What is required:
Return each of the entries below precisely, with no pictures in the result.

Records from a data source
•••
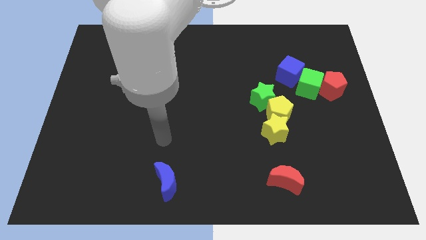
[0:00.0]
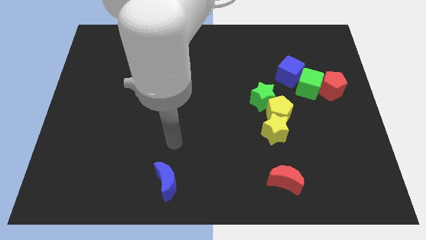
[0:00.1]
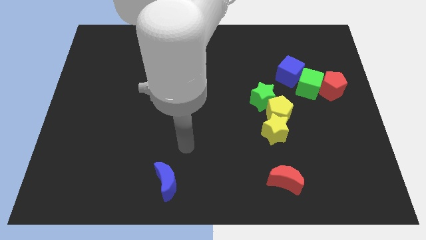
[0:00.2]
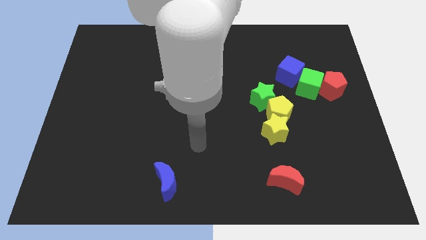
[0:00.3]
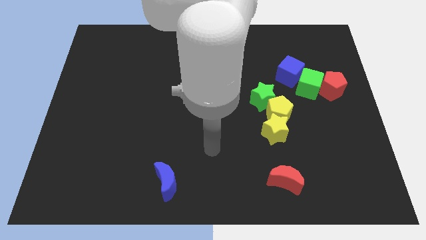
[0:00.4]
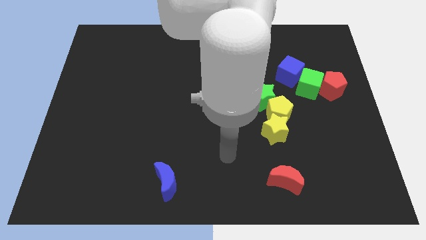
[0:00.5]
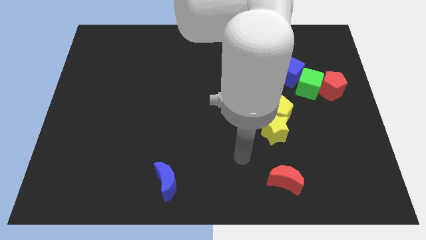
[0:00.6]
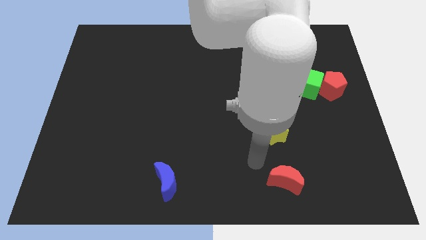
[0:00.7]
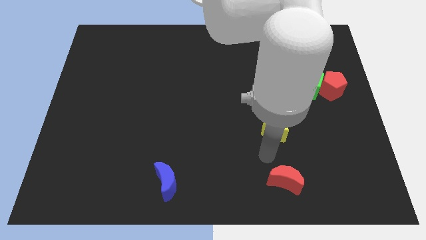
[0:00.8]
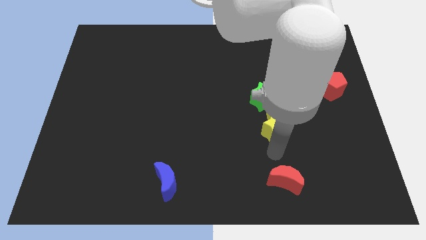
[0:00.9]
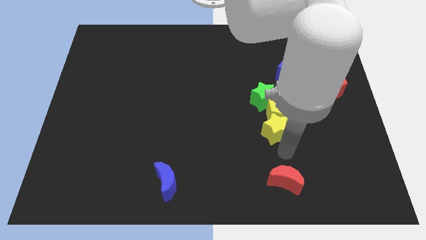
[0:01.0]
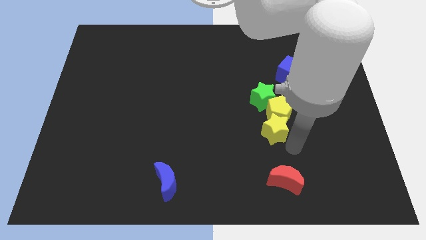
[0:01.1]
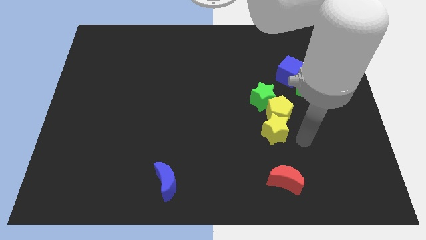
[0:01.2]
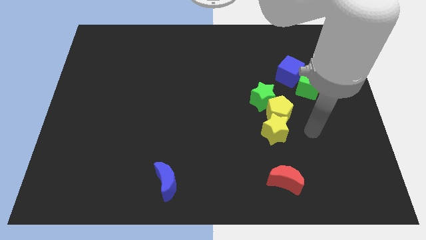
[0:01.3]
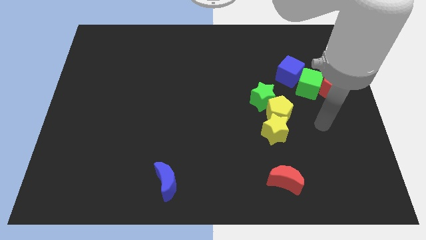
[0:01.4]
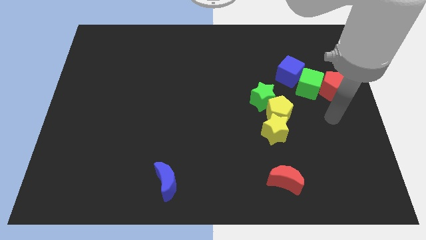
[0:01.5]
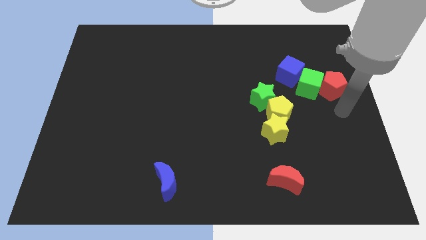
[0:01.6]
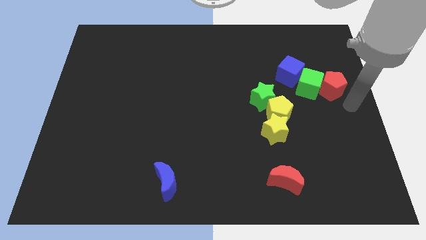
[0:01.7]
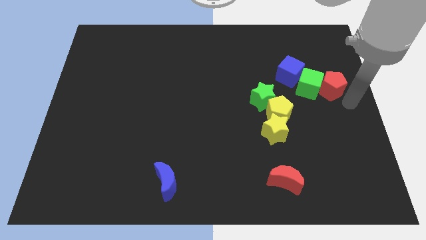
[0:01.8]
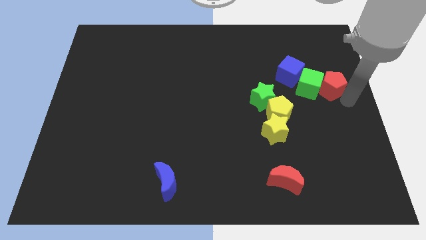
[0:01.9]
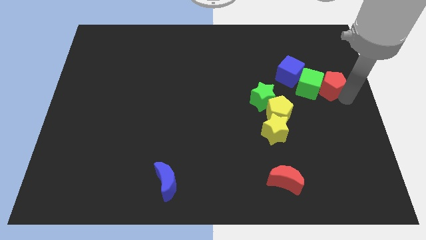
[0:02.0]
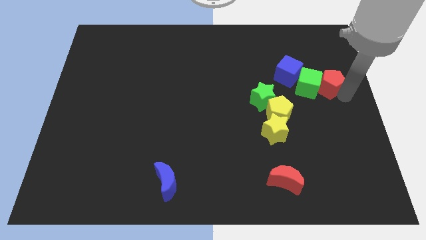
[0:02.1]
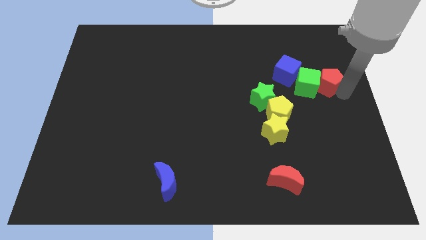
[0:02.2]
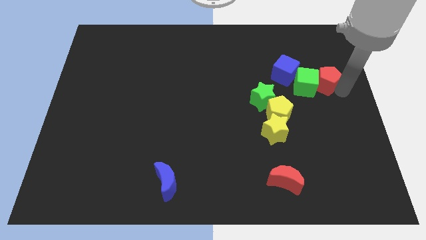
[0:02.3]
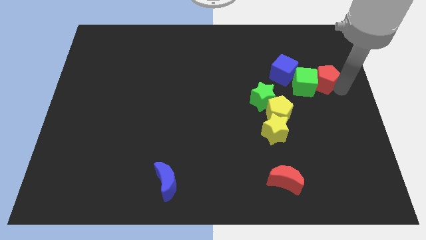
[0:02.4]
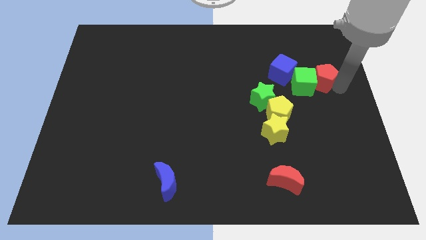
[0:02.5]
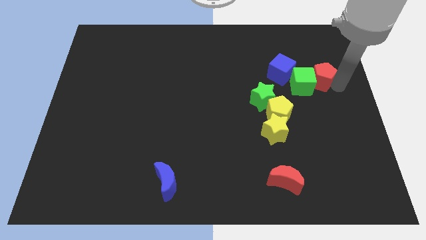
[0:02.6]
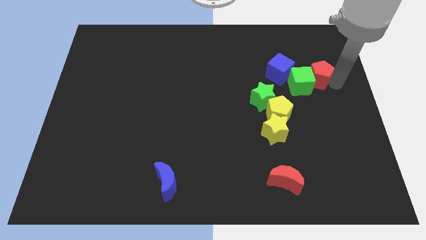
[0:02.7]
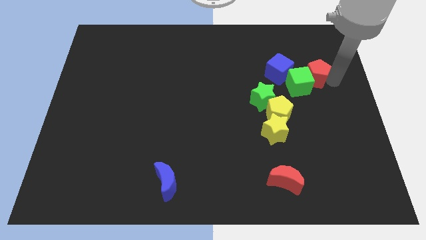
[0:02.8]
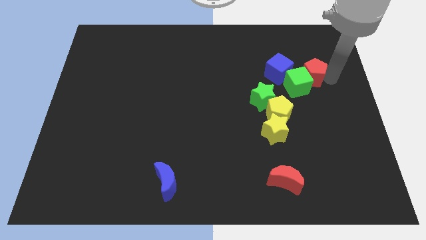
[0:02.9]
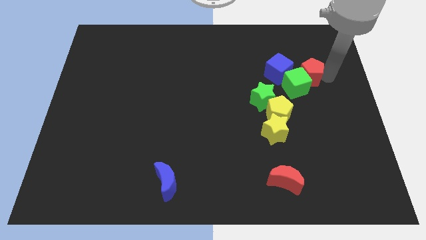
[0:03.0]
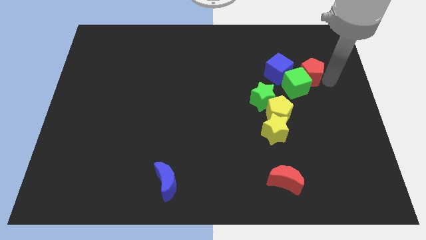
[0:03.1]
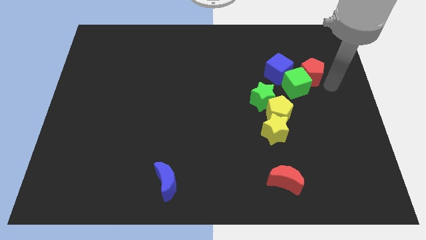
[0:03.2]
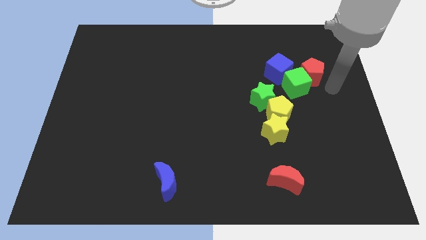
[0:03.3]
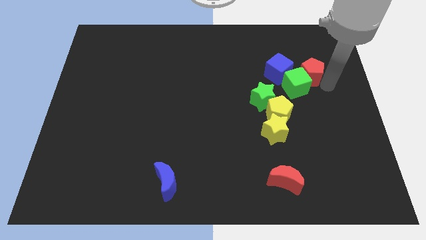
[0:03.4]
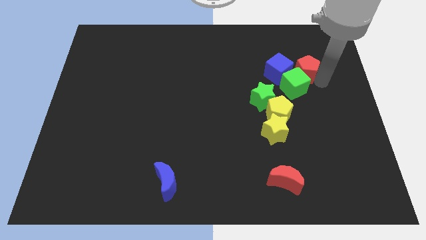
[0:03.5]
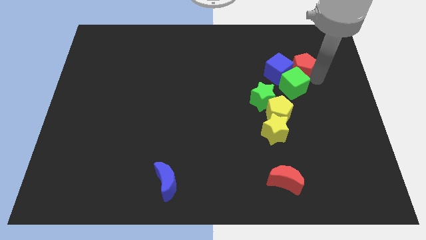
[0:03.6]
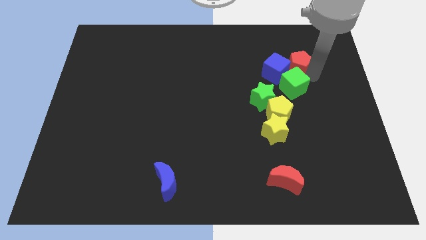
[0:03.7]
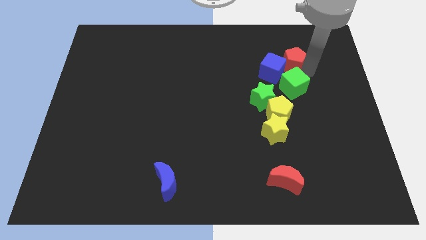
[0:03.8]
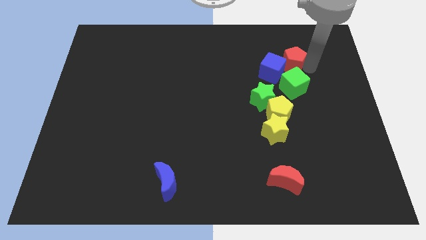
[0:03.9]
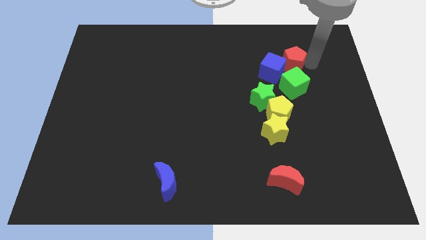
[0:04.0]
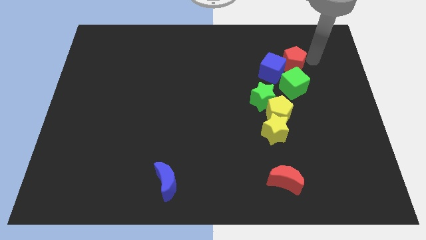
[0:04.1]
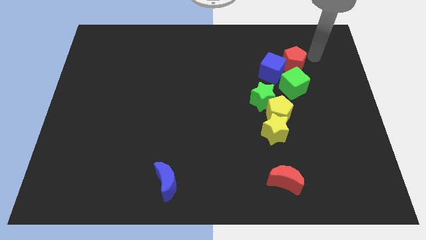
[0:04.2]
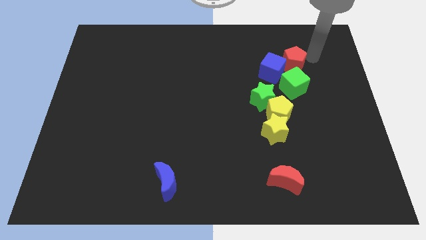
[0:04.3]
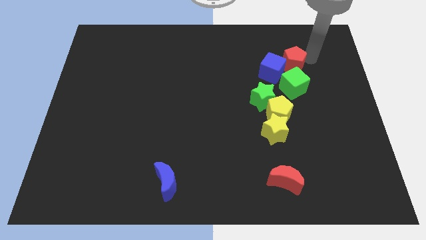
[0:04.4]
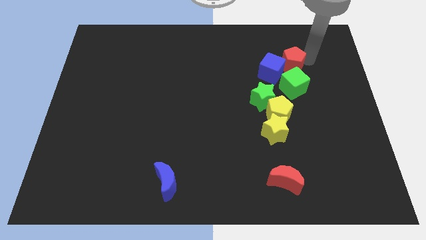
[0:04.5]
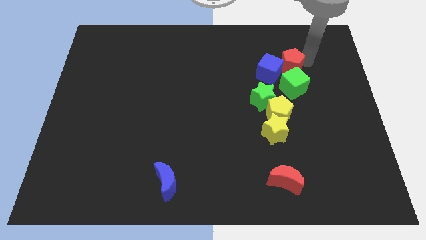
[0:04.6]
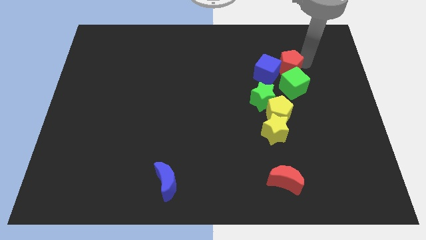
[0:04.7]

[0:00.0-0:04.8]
move the red pentagon to the top left of the green cube
•••
Reply:
[0:00.0]
[0:00.1]
[0:00.2]
[0:00.3]
[0:00.4]
[0:00.5]
[0:00.6]
[0:00.7]
[0:00.8]
[0:00.9]
[0:01.0]
[0:01.1]
[0:01.2]
[0:01.3]
[0:01.4]
[0:01.5]
[0:01.6]
[0:01.7]
[0:01.8]
[0:01.9]
[0:02.0]
[0:02.1]
[0:02.2]
[0:02.3]
[0:02.4]
[0:02.5]
[0:02.6]
[0:02.7]
[0:02.8]
[0:02.9]
[0:03.0]
[0:03.1]
[0:03.2]
[0:03.3]
[0:03.4]
[0:03.5]
[0:03.6]
[0:03.7]
[0:03.8]
[0:03.9]
[0:04.0]
[0:04.1]
[0:04.2]
[0:04.3]
[0:04.4]
[0:04.5]
[0:04.6]
[0:04.7]

[0:00.0-0:04.8]
move the red pentagon to the top left of the green cube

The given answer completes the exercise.